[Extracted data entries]
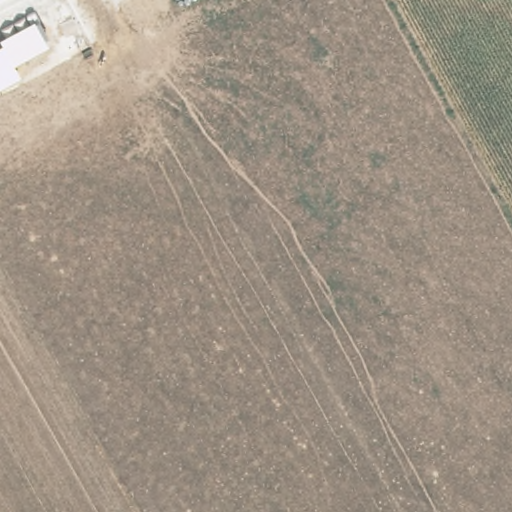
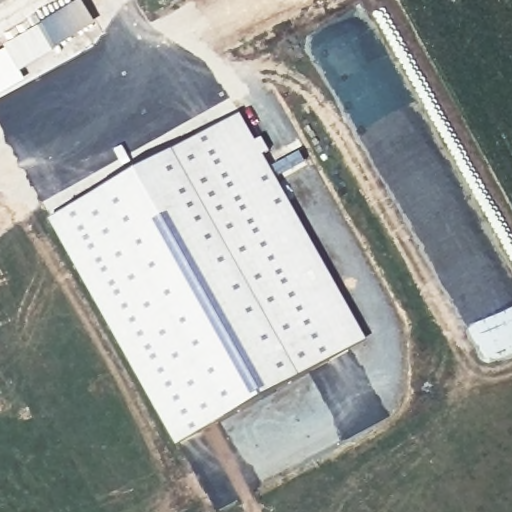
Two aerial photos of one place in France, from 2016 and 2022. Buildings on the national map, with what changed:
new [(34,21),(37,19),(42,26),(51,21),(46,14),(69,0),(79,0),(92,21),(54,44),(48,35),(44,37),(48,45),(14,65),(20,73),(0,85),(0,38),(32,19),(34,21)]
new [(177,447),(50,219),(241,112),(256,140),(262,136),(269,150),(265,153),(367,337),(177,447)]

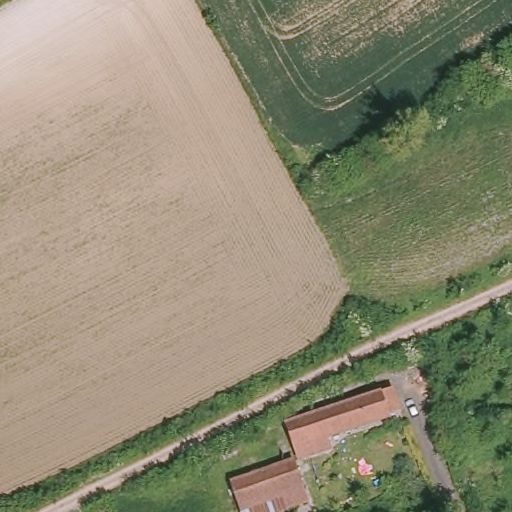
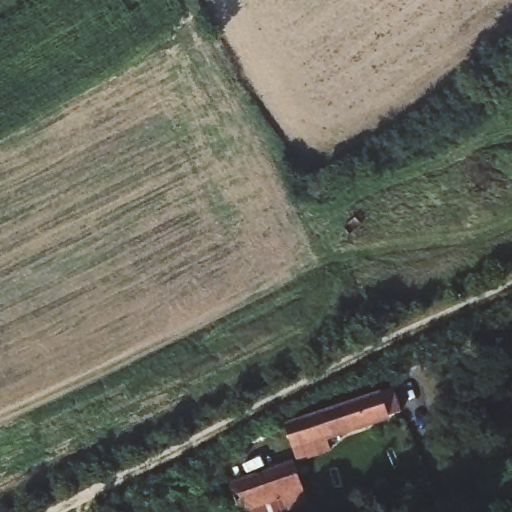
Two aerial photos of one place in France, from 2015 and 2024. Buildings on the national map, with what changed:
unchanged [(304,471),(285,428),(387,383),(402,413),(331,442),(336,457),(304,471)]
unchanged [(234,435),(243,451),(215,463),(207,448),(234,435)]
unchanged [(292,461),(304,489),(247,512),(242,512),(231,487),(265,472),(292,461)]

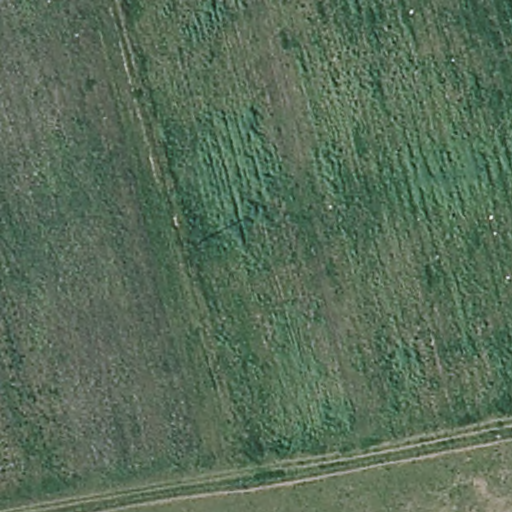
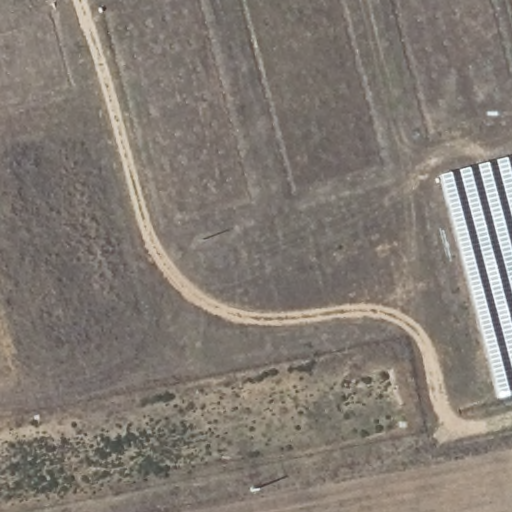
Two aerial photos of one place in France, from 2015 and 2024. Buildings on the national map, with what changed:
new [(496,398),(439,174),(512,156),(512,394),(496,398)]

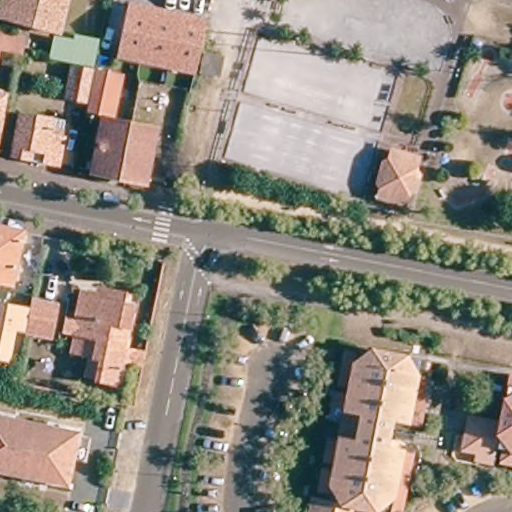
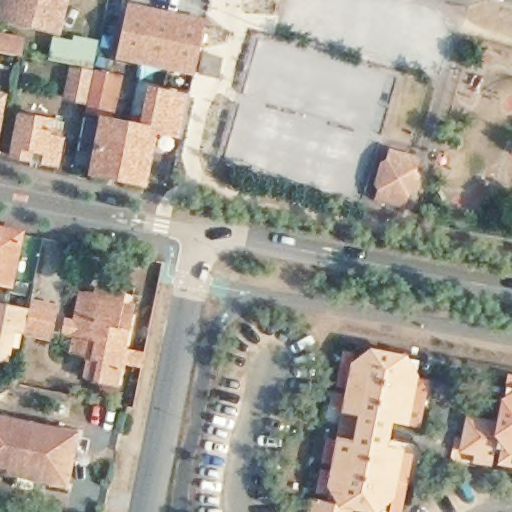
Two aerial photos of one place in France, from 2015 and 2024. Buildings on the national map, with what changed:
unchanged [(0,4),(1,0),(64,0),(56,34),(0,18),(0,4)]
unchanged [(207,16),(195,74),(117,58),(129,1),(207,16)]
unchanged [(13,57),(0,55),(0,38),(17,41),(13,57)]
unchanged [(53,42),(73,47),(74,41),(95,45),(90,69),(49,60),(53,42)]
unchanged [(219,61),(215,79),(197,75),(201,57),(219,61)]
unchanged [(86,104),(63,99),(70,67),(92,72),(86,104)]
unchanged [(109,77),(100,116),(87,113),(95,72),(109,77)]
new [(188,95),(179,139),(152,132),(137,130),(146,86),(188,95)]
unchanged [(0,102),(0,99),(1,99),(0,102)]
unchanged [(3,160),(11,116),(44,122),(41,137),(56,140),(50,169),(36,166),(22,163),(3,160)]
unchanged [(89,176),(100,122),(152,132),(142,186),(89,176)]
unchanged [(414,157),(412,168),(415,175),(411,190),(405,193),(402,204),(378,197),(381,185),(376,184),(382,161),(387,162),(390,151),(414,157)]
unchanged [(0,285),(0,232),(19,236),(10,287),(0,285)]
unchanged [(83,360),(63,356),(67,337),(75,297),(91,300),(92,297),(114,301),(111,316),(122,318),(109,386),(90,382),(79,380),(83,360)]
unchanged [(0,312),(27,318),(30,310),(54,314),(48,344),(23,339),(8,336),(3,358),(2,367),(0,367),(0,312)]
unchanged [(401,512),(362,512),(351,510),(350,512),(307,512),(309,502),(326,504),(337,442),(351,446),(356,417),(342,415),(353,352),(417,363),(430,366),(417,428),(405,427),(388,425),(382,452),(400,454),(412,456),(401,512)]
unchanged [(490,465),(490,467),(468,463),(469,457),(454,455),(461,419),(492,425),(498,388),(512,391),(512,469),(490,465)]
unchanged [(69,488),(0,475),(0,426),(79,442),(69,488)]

What you are asked to do
Write out the entries again word for word. Do not include the pictures.

Your solution
Two aerial photos of one place in France, from 2016 and 2022. Buildings on the national map, with what changed:
new [(34,21),(37,19),(42,26),(51,21),(46,14),(69,0),(79,0),(92,21),(54,44),(48,35),(44,37),(48,45),(14,65),(20,73),(0,85),(0,38),(32,19),(34,21)]
new [(177,447),(50,219),(241,112),(256,140),(262,136),(269,150),(265,153),(367,337),(177,447)]

Two aerial photos of one place in France, from 2015 and 2024. Buildings on the national map, with what changed:
unchanged [(304,471),(285,428),(387,383),(402,413),(331,442),(336,457),(304,471)]
unchanged [(234,435),(243,451),(215,463),(207,448),(234,435)]
unchanged [(292,461),(304,489),(247,512),(242,512),(231,487),(265,472),(292,461)]

Two aerial photos of one place in France, from 2015 and 2024. Buildings on the national map, with what changed:
new [(496,398),(439,174),(512,156),(512,394),(496,398)]

Two aerial photos of one place in France, from 2015 and 2024. Buildings on the national map, with what changed:
unchanged [(0,4),(1,0),(64,0),(56,34),(0,18),(0,4)]
unchanged [(207,16),(195,74),(117,58),(129,1),(207,16)]
unchanged [(13,57),(0,55),(0,38),(17,41),(13,57)]
unchanged [(53,42),(73,47),(74,41),(95,45),(90,69),(49,60),(53,42)]
unchanged [(219,61),(215,79),(197,75),(201,57),(219,61)]
unchanged [(86,104),(63,99),(70,67),(92,72),(86,104)]
unchanged [(109,77),(100,116),(87,113),(95,72),(109,77)]
new [(188,95),(179,139),(152,132),(137,130),(146,86),(188,95)]
unchanged [(0,102),(0,99),(1,99),(0,102)]
unchanged [(3,160),(11,116),(44,122),(41,137),(56,140),(50,169),(36,166),(22,163),(3,160)]
unchanged [(89,176),(100,122),(152,132),(142,186),(89,176)]
unchanged [(414,157),(412,168),(415,175),(411,190),(405,193),(402,204),(378,197),(381,185),(376,184),(382,161),(387,162),(390,151),(414,157)]
unchanged [(0,285),(0,232),(19,236),(10,287),(0,285)]
unchanged [(83,360),(63,356),(67,337),(75,297),(91,300),(92,297),(114,301),(111,316),(122,318),(109,386),(90,382),(79,380),(83,360)]
unchanged [(0,312),(27,318),(30,310),(54,314),(48,344),(23,339),(8,336),(3,358),(2,367),(0,367),(0,312)]
unchanged [(401,512),(362,512),(351,510),(350,512),(307,512),(309,502),(326,504),(337,442),(351,446),(356,417),(342,415),(353,352),(417,363),(430,366),(417,428),(405,427),(388,425),(382,452),(400,454),(412,456),(401,512)]
unchanged [(490,465),(490,467),(468,463),(469,457),(454,455),(461,419),(492,425),(498,388),(512,391),(512,469),(490,465)]
unchanged [(69,488),(0,475),(0,426),(79,442),(69,488)]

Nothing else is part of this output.